*YOUR GOAL*. Pictures are to be left out, but please repeat each record exactly.
○ ○ ○
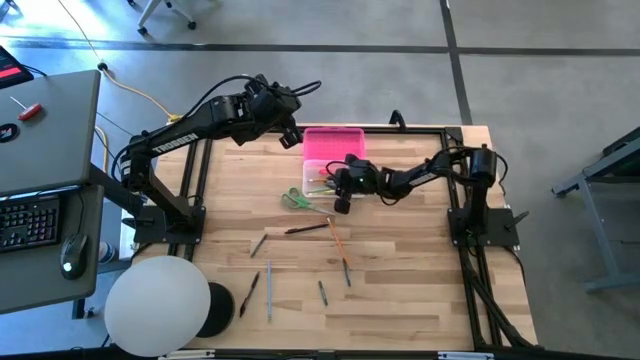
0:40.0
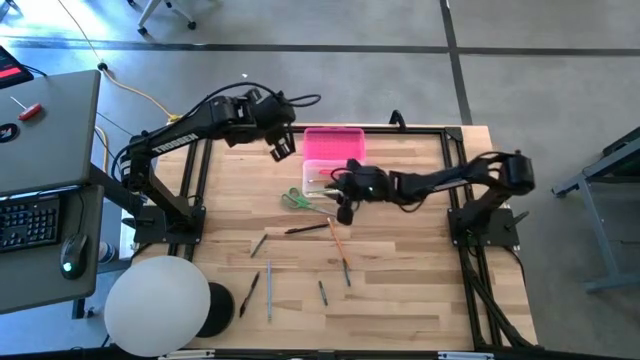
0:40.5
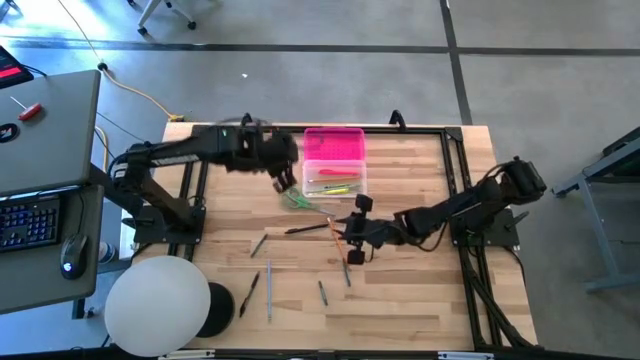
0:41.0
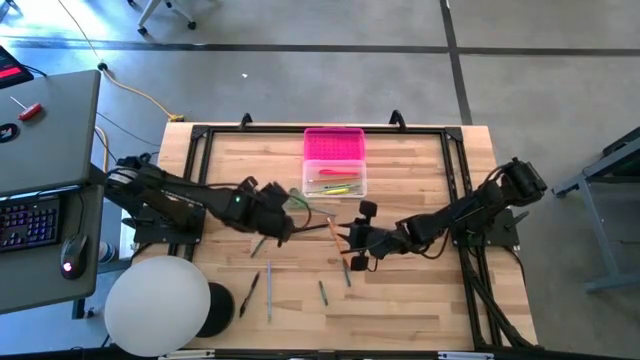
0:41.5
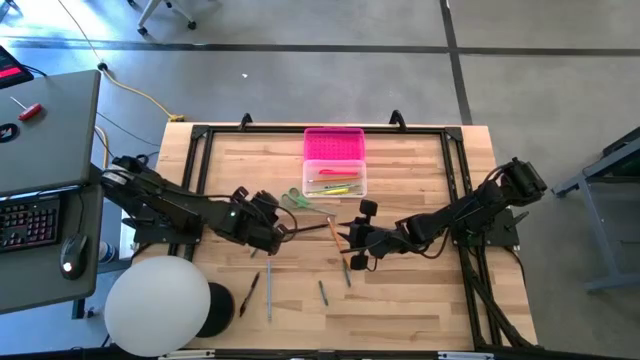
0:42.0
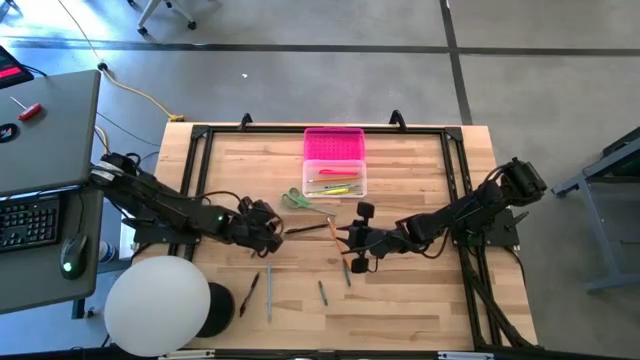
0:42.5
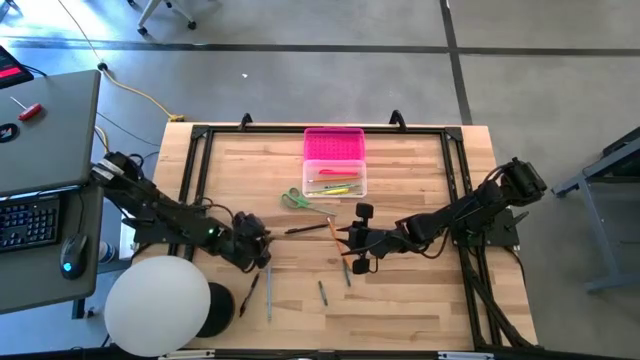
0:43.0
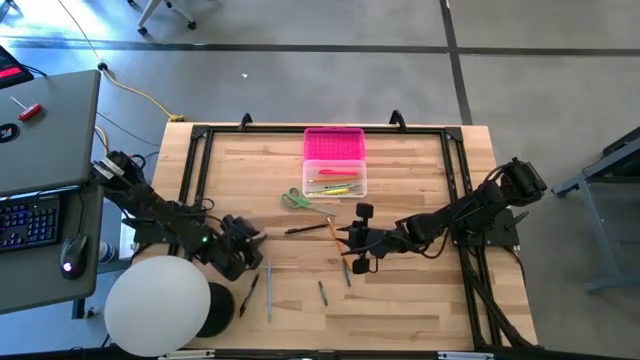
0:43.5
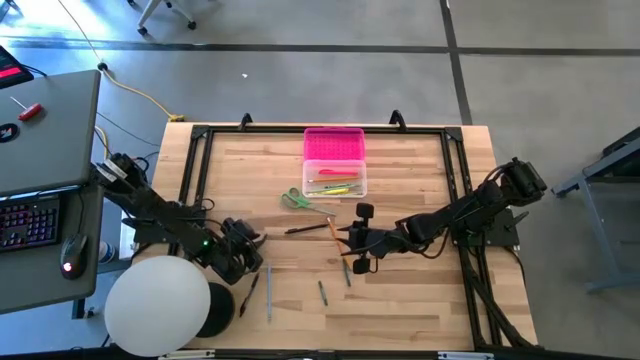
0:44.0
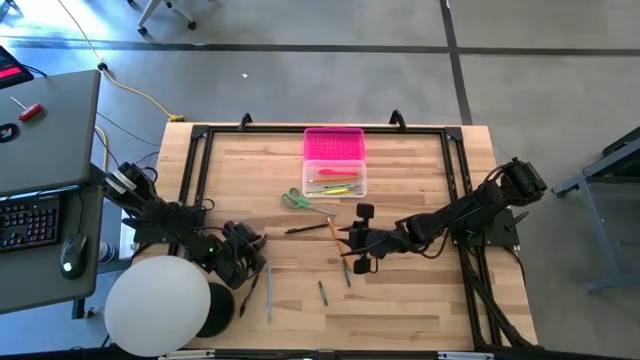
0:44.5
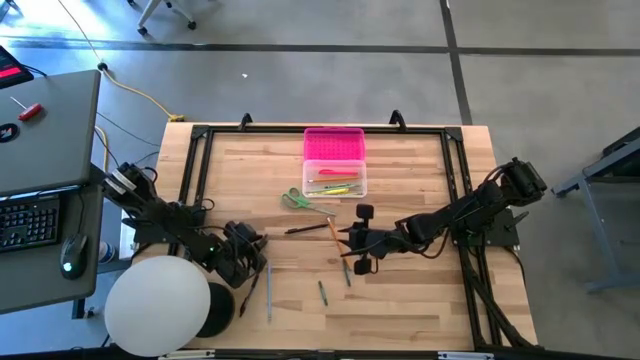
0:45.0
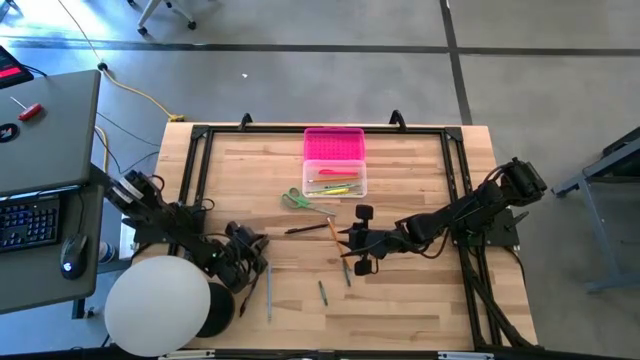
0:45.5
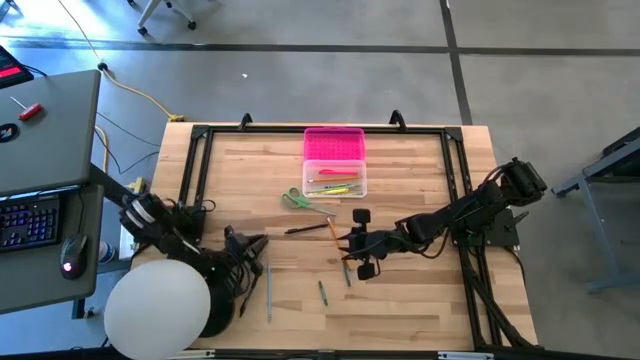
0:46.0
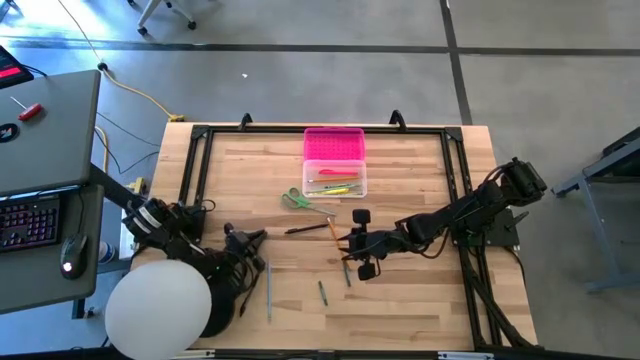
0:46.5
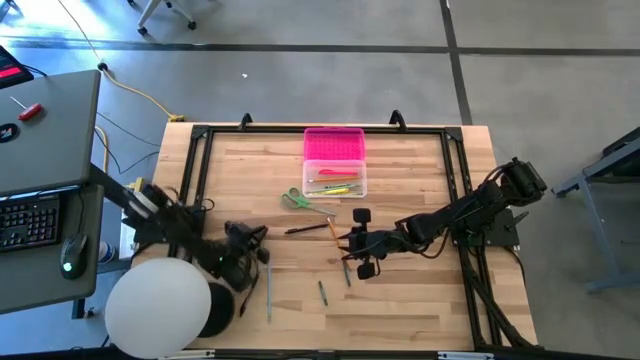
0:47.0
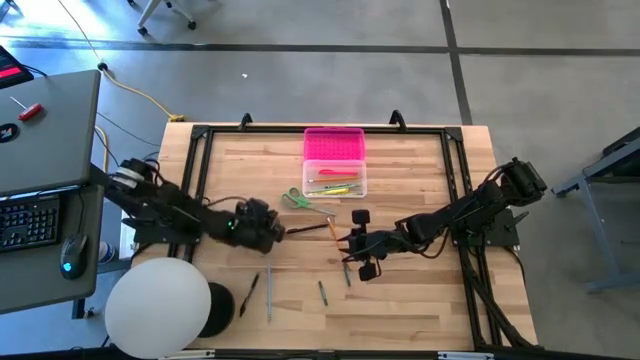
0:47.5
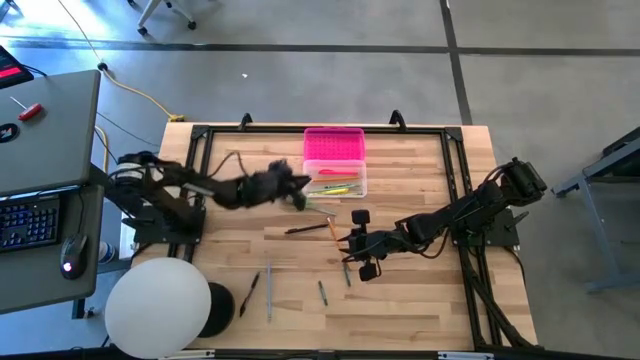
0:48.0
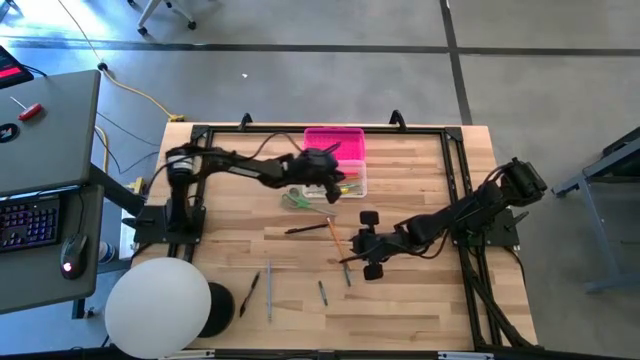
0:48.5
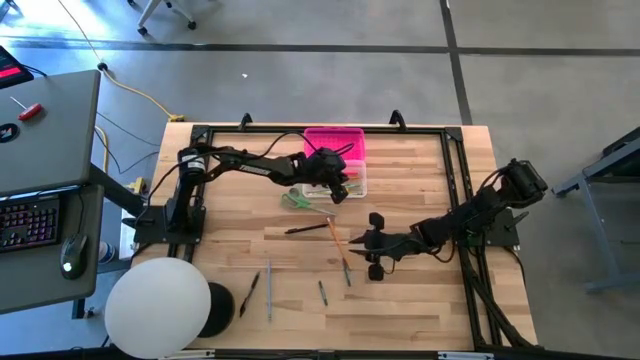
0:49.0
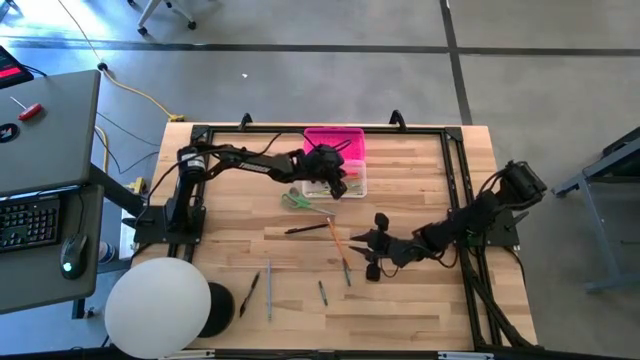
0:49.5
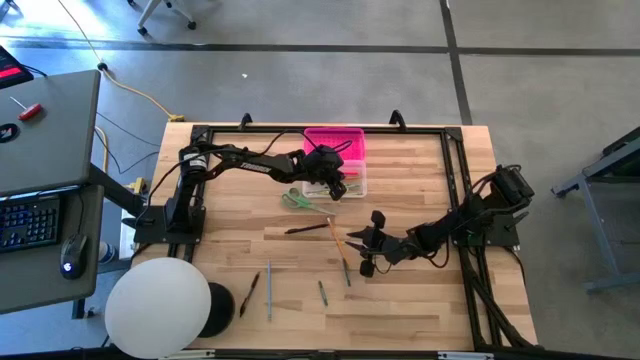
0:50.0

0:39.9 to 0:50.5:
Task: Pick & place school supplies into a supply box
Put the top dark green crayon into the supply box
○ ○ ○
*EXERCISE RESULT*.
0:40.0
0:40.5
0:41.0
0:41.5
0:42.0
0:42.5
0:43.0
0:43.5
0:44.0
0:44.5
0:45.0
0:45.5
0:46.0
0:46.5
0:47.0
0:47.5
0:48.0
0:48.5
0:49.0
0:49.5
0:50.0

0:39.9 to 0:50.5:
Task: Pick & place school supplies into a supply box
Put the top dark green crayon into the supply box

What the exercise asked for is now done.